### Instructions to follow:
Begin with the line containing "to the east, in order: Broadleaved woodland" and end with the last line of the data below; return those lines exactly, and only those.

(Records from a data source)
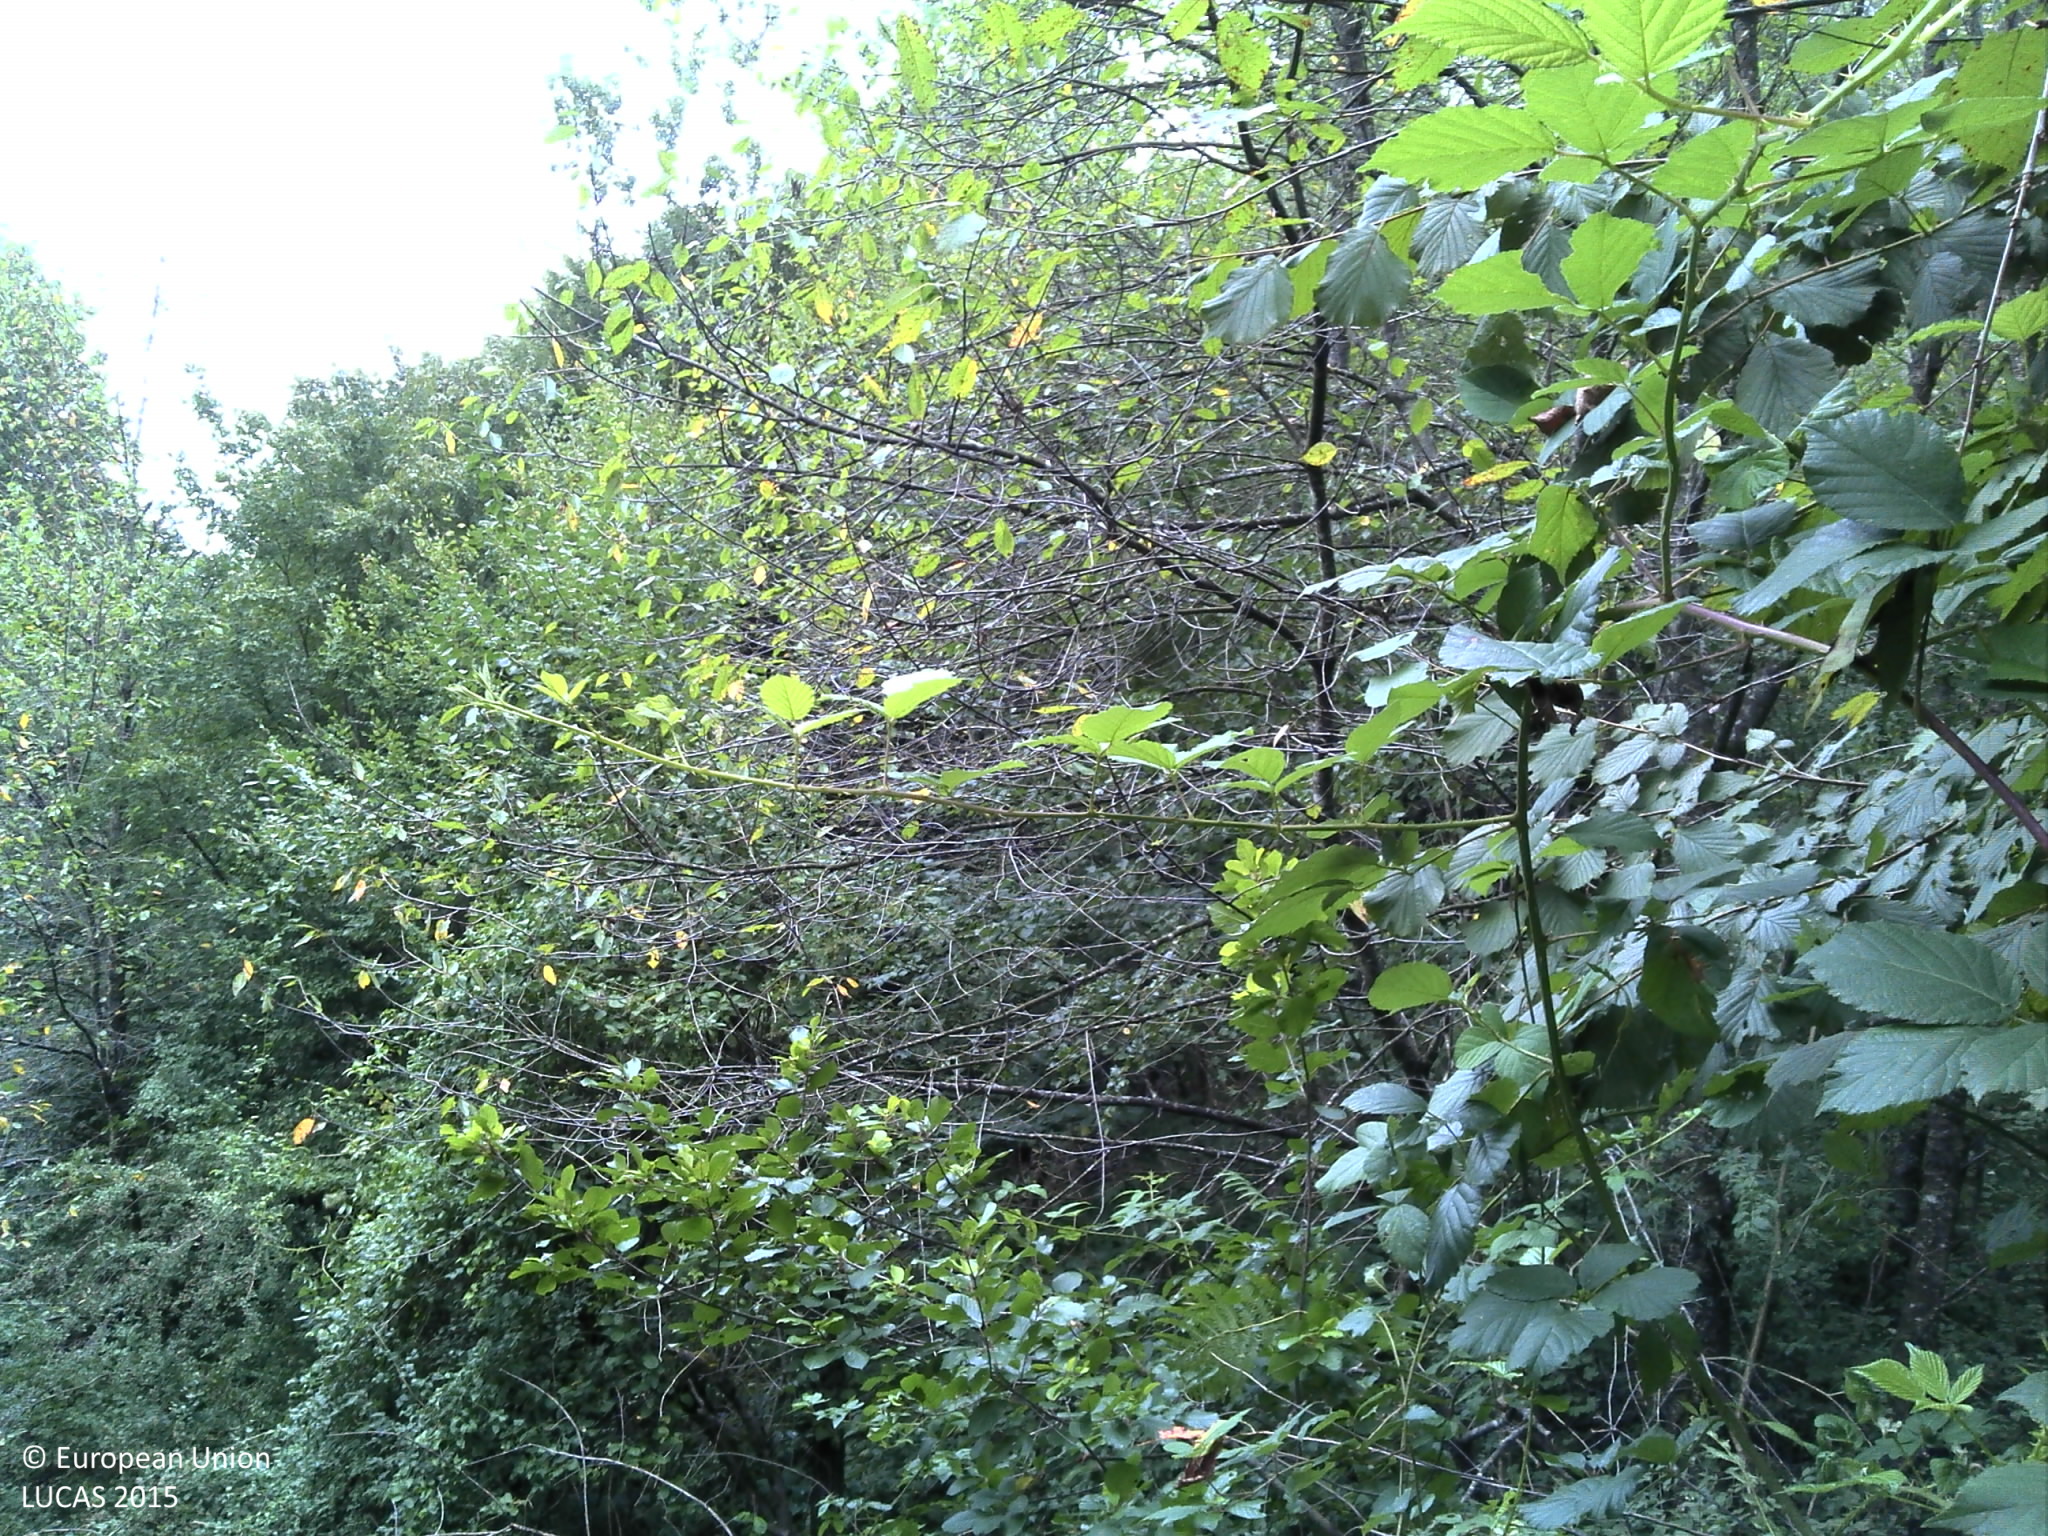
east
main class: Woodland
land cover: Broadleaved woodland
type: mesophytic deciduous forest
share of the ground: 50 - 75 %
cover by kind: broadleaved forest trees 75 %, shrubs 20 %, herbaceous plants 5 %
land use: Semi-natural and natural areas not in use
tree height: > 5 m
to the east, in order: Broadleaved woodland
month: August
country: HR
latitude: 45.3337
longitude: 15.6743

### Solution:
to the east, in order: Broadleaved woodland
month: August
country: HR
latitude: 45.3337
longitude: 15.6743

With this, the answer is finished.